• November 30, 2021

Rio 2016 Olympics and four Indian women!

The Rio de Janeiro Olympic Games, from August 6 to 21, 2016, have come to an end. We don’t have space here to cover all those big achievers from around the world. Therefore, we will focus only on India, although it has been a disappointing story. As usual, India sent the largest contingent in history to take part in various sports disciplines, but for eleven long days after the start of the Games, the country raged and worried about an elusive medal that was compounded by some vibrations. negatives, comments and hiccups. However, 4 gorgeous ladies from a largely patriarchal Indian society came into focus and focus, giving the compatriots a unique opportunity to be proud of them.

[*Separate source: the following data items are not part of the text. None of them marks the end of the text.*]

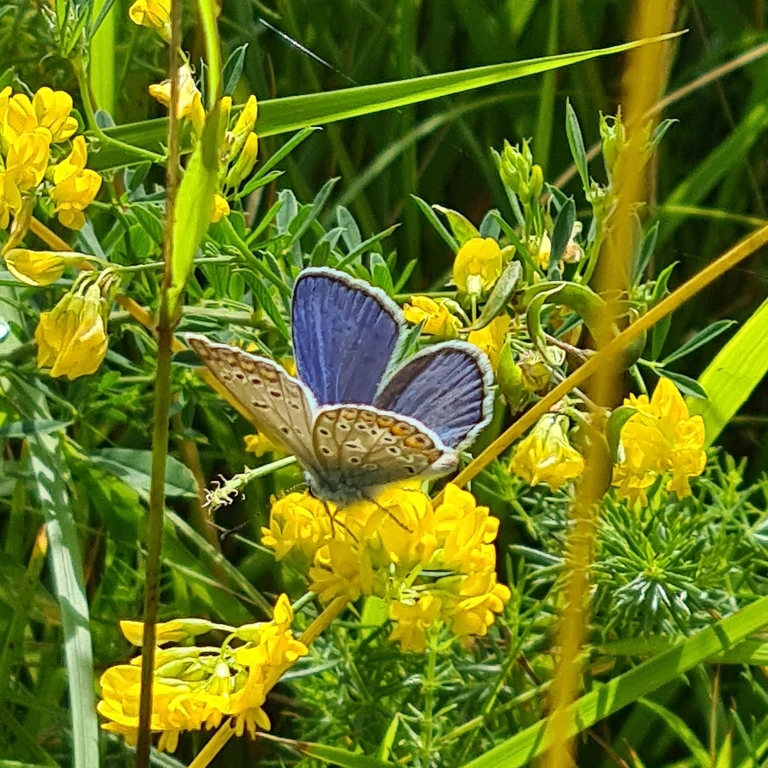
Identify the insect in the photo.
Polyommatus icarus
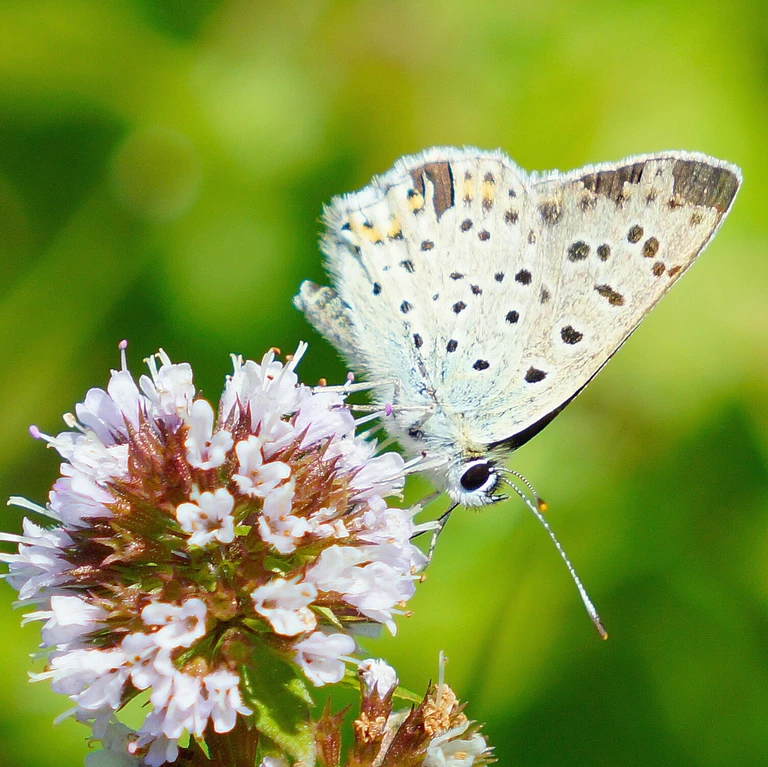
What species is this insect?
Lycaena tityrus (also Loweia tityrus)
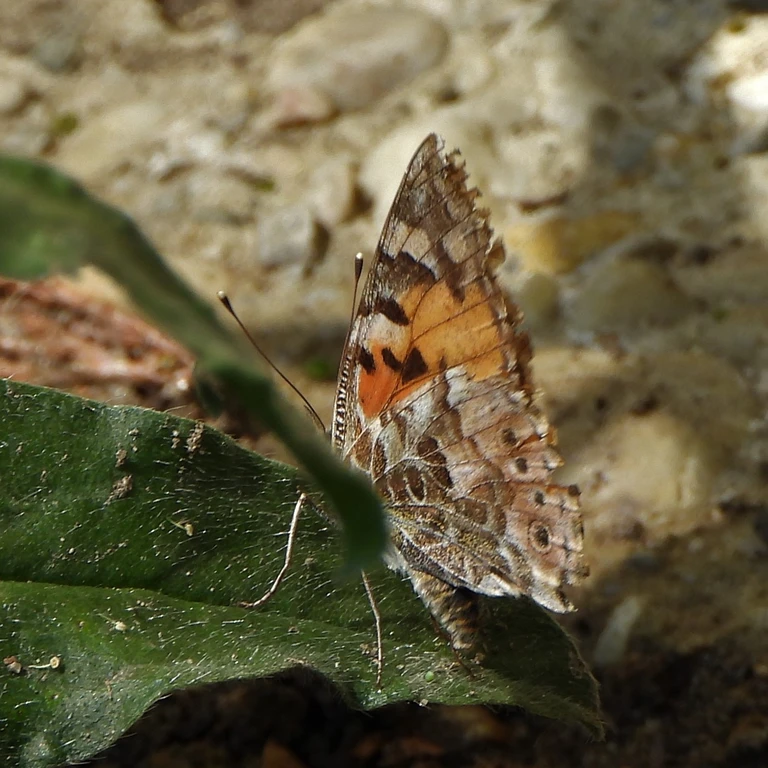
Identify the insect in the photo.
Vanessa cardui

In Badminton, the expectations were mostly from the former world No. 1 Saina Nehwal, but did not fail even until the middle of the competition. And PV Sindhu arrived, not at all in contention for a medal, and she fought like a tigress competing with players much higher in the world rankings. She set the ball of euphoria in motion by entering the quarterfinals of the women’s singles event and then storming into the semifinals. In that memorably aggressive match, she defeated the world number 6 and secured a silver medal upon entering the final. For a change, the cricket fever was replaced by badminton as all of India watched him fight wonderfully on August 19, 2016. Sindhu did his best to justify the country’s catchphrase ‘go for the gold’ but was ultimately overtaken by some killer hits in the world don’t. . 1 Carolina Marin from Spain. PV Sindhu won the silver medal and made the Indians proud and celebrated.

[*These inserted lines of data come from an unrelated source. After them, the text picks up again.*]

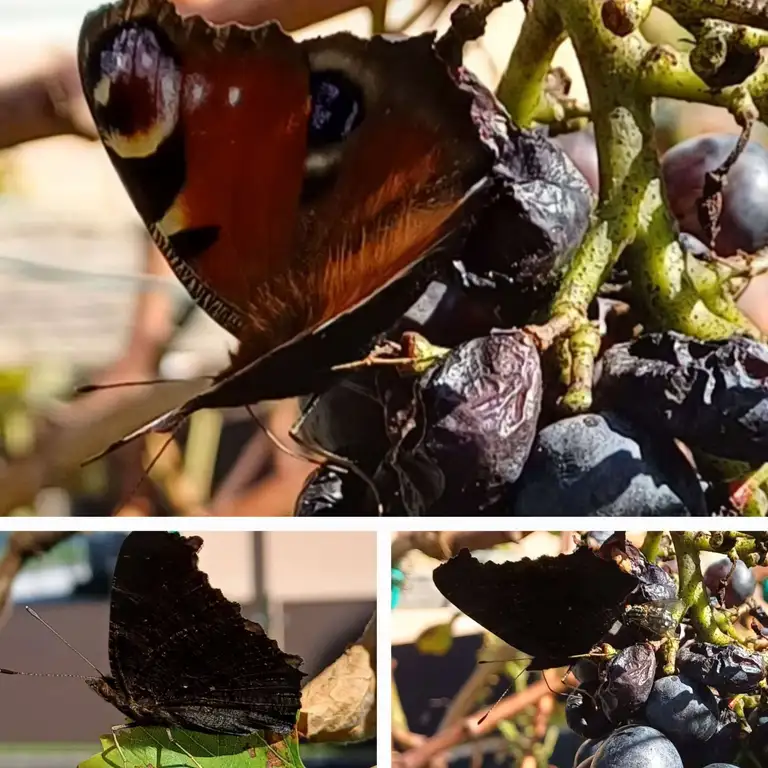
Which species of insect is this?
Aglais io
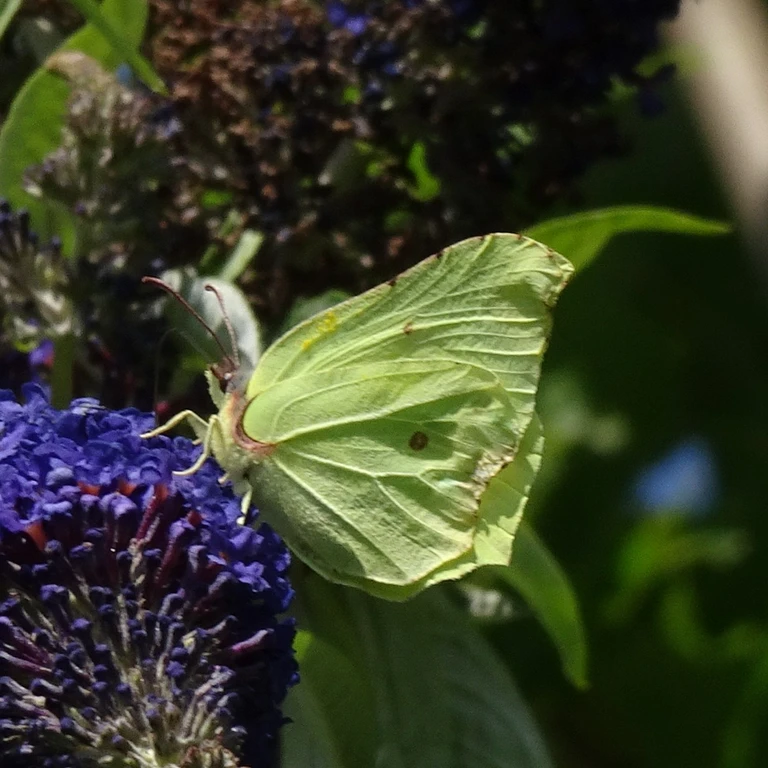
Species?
Gonepteryx rhamni
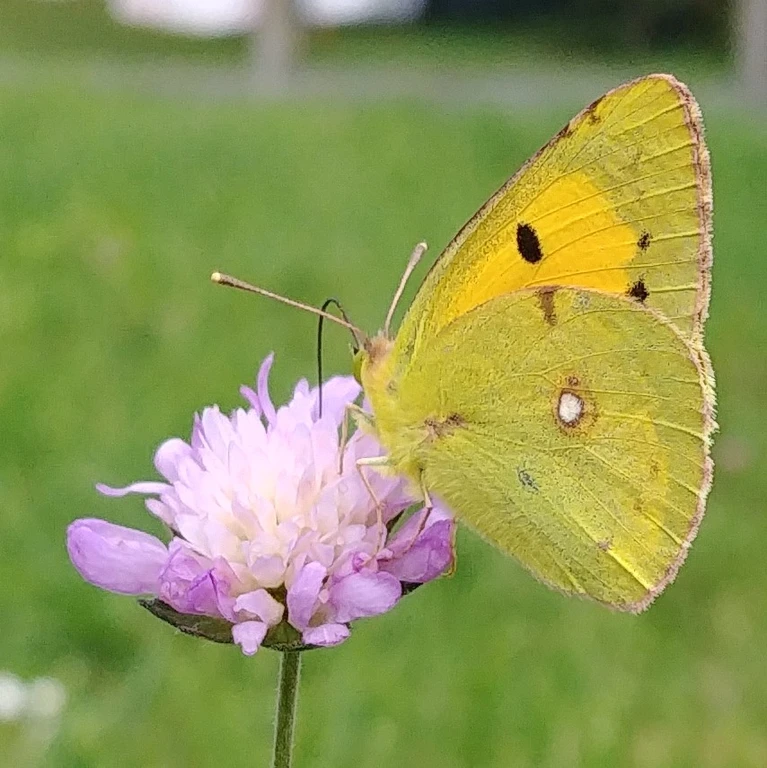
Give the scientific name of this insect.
Colias croceus

In the fight, the focus was mainly on Narsingh Yadav, who, unfortunately, received a four-year suspension from WADA on the day he was due to open his campaign, and on Yogeshwar Dutt in 65kg freestyle, who did not even qualify. on the last day of the Olympics. . Meanwhile, coming out of nowhere, Indian woman Sakshi Malik in the 58kg women’s wrestling won the country’s first Rio medal by winning the Bronze in the tiebreaker. The hopes for medals for India exploded after this wonderful moment and the Indian girls attracted absolute attention.

Two other magnificent ladies captured the fascination of the country not by winning medals, but by making revelations of what Indian women are capable of if given the proper respect and facilities.

Dipa Karmakar, from the northeastern state of Tripura, represented India in artistic gymnastics for the first time and came terribly close to winning at least a bronze. She finished fourth in the final by the narrowest margin and wowed the country by making the extremely dangerous Vault of Death. He became a celebrity and for good reason.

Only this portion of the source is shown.